* [AVAILABLE DATA]:
Segment Open

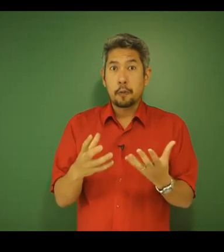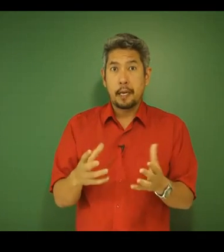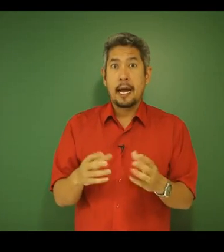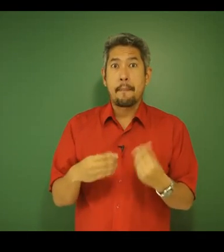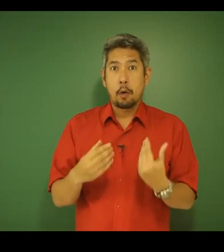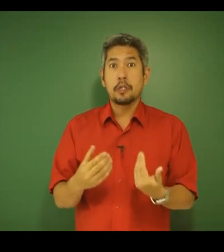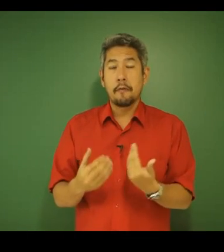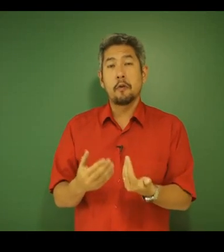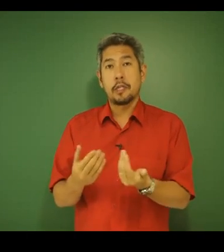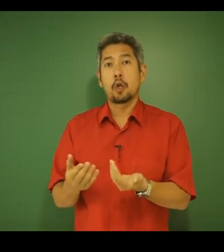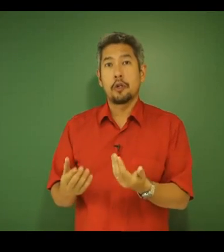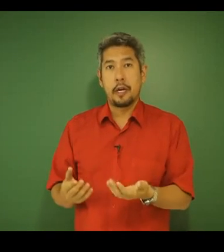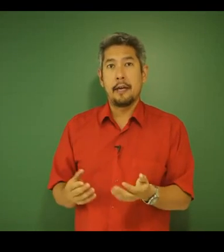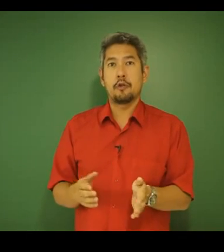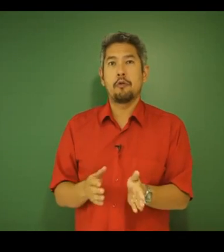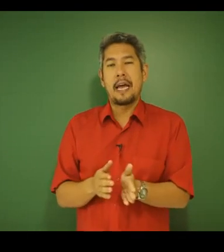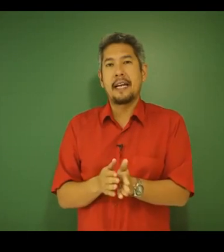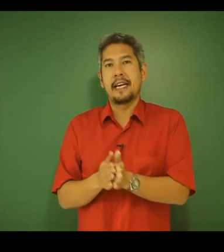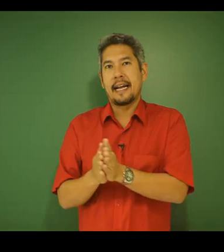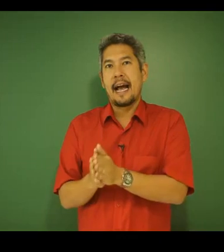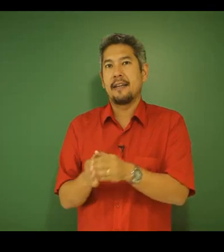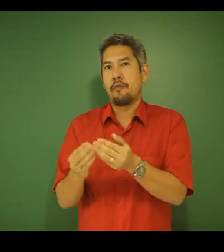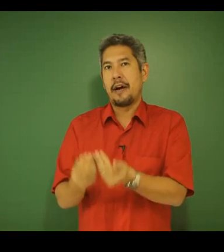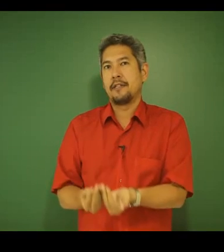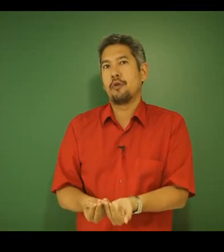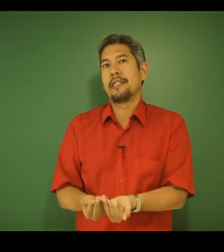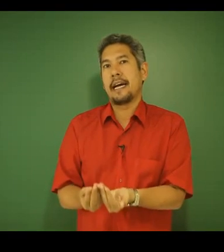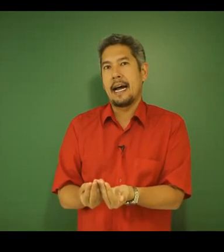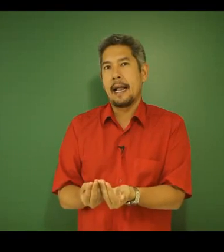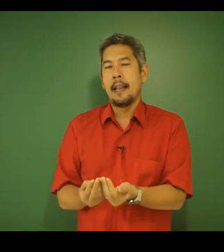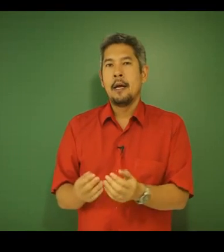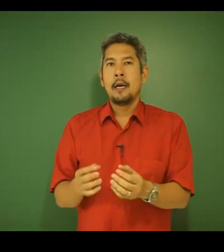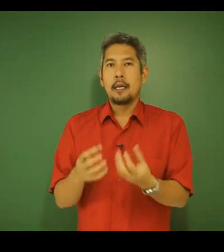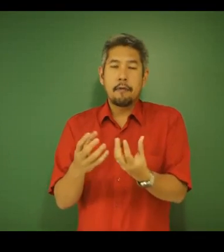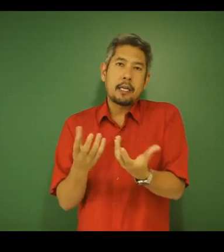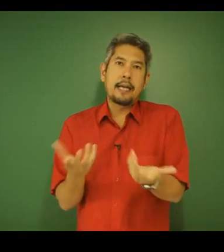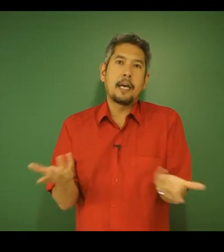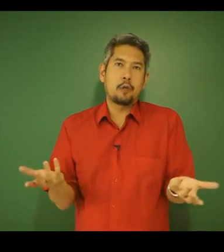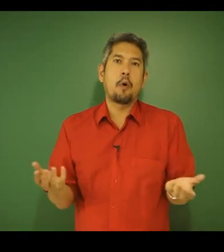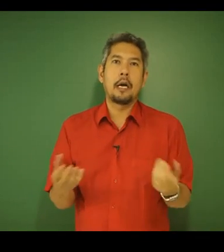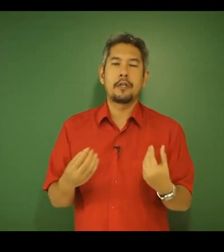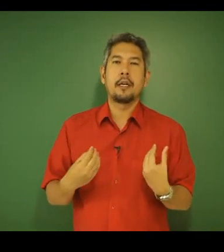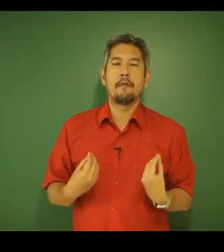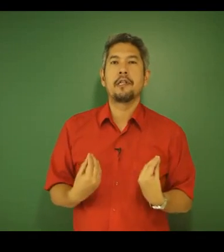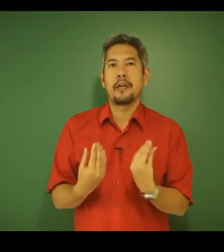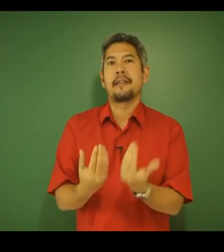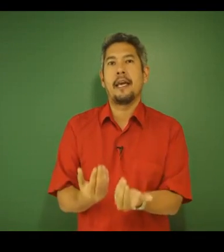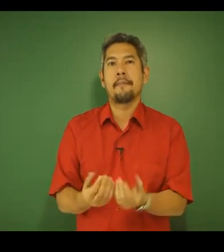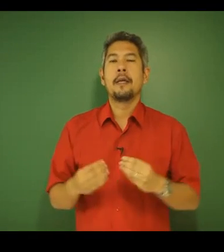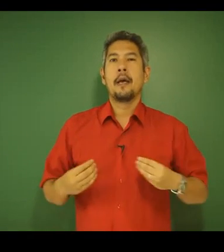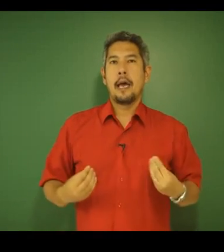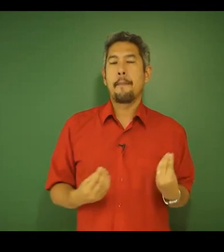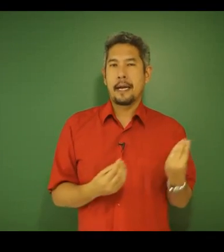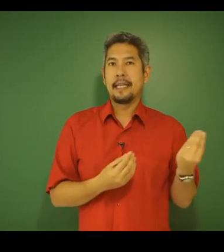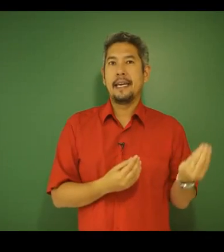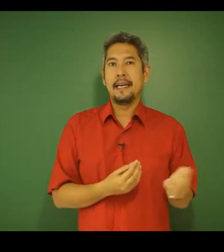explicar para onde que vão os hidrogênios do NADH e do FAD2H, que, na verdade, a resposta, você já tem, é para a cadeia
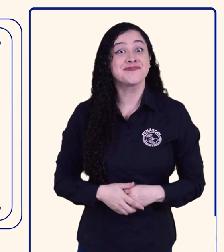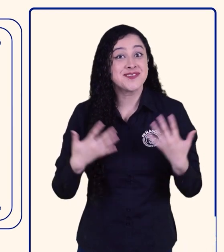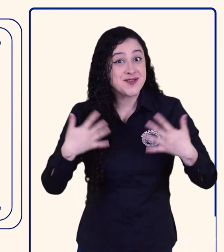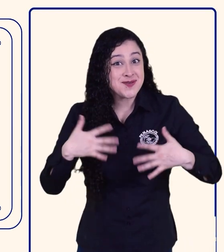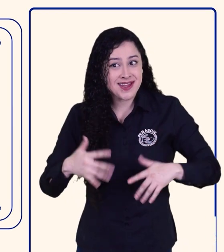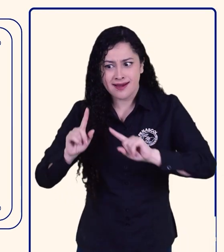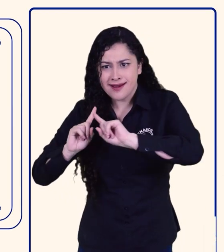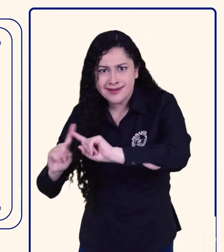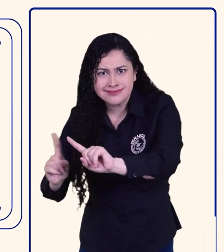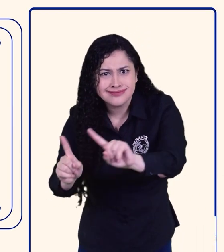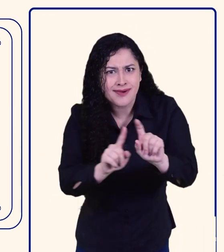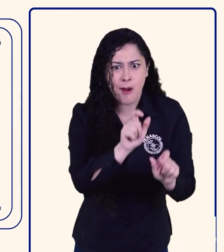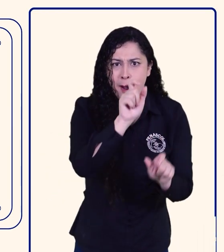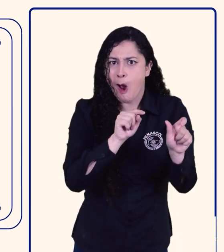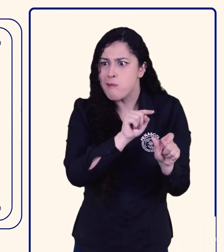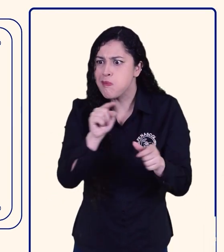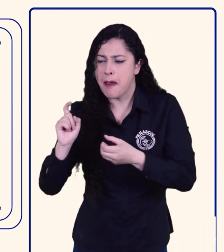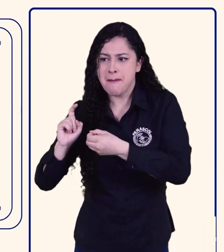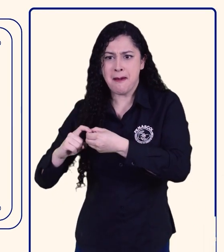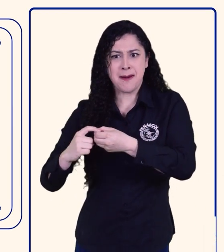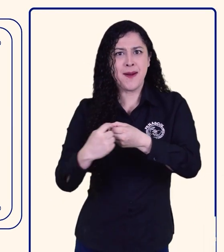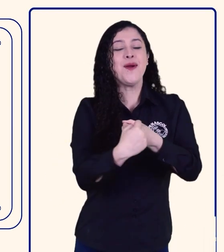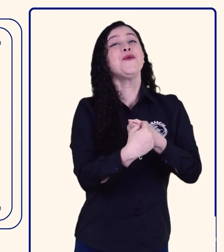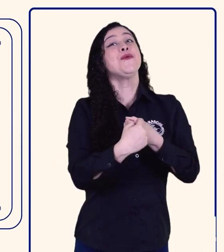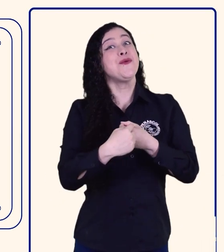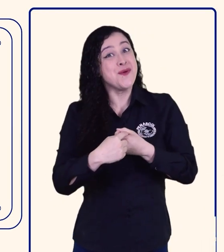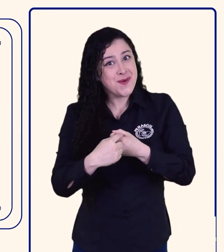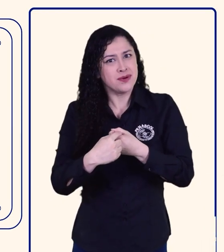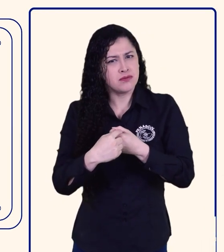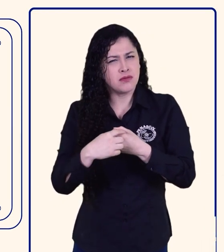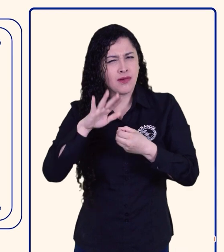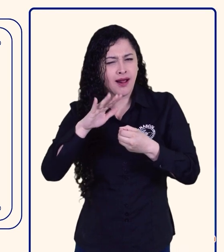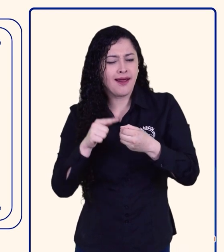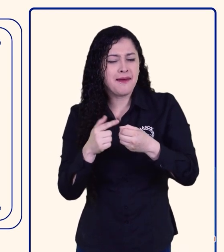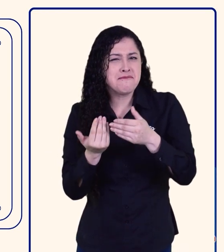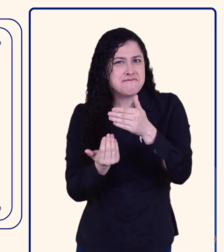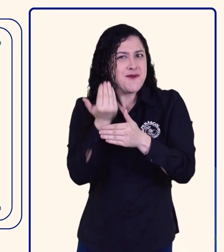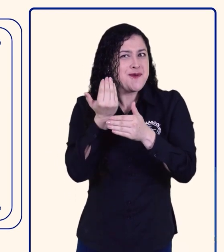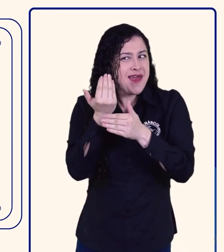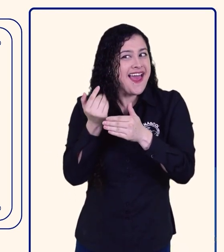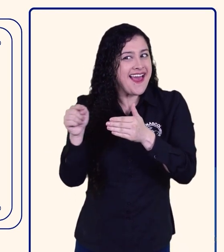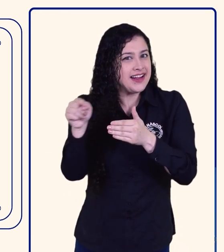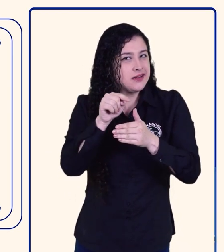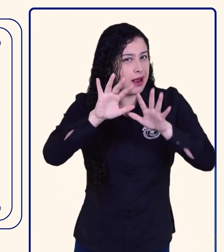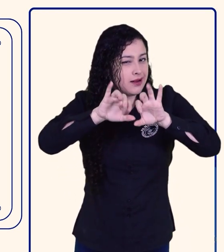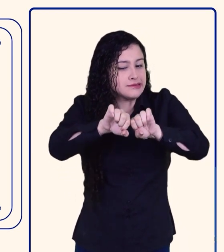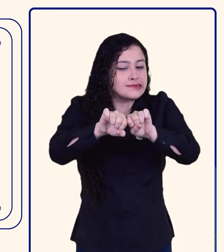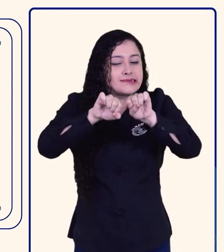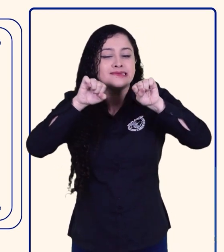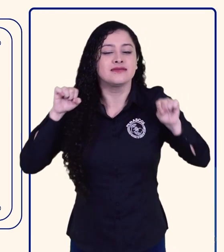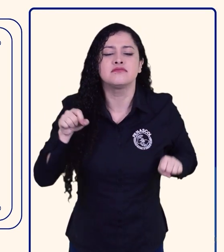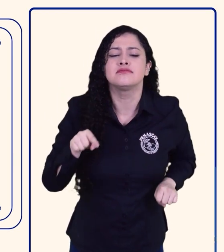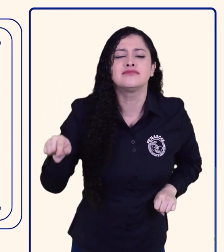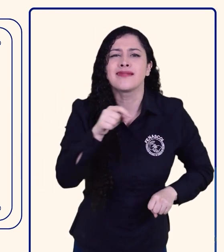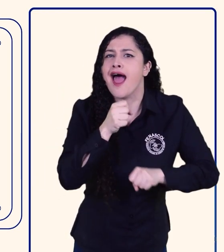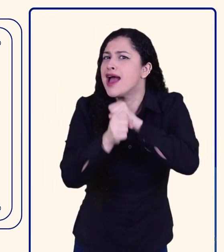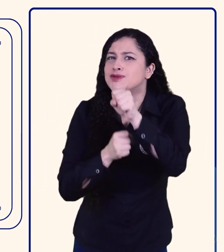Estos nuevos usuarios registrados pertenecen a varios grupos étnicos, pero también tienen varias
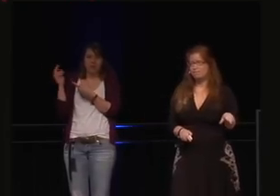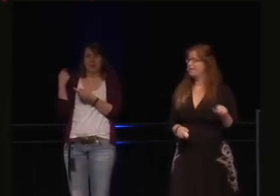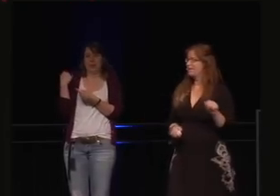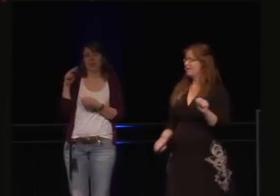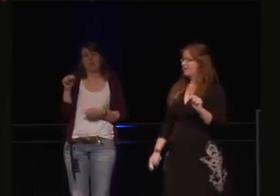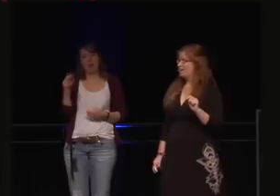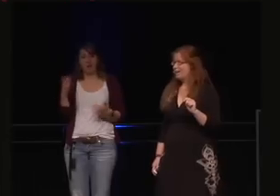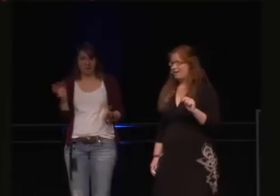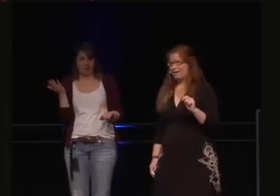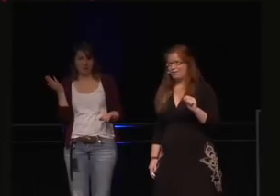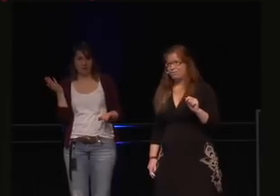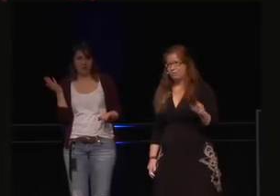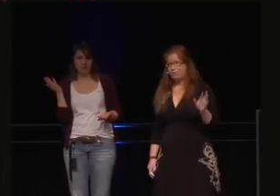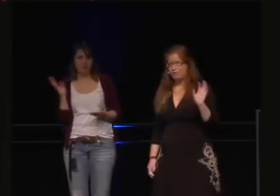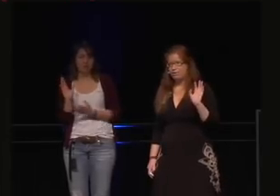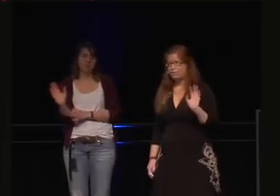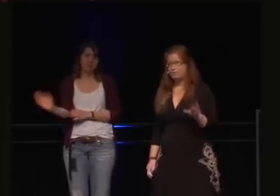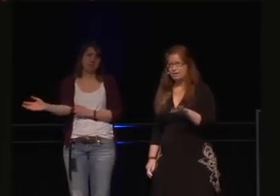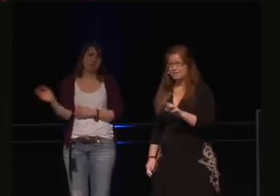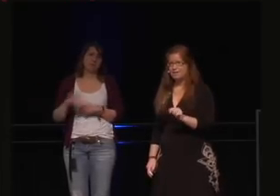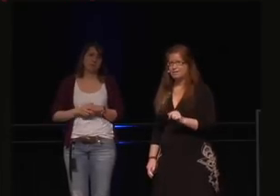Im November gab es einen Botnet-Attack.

Segment Closed

* [ASSIGNMENT]: Set the entire listing down again, exact in every line, without any pictures.

* [OUTPUT FOR THIS TASK]:
explicar para onde que vão os hidrogênios do NADH e do FAD2H, que, na verdade, a resposta, você já tem, é para a cadeia
Estos nuevos usuarios registrados pertenecen a varios grupos étnicos, pero también tienen varias
Im November gab es einen Botnet-Attack.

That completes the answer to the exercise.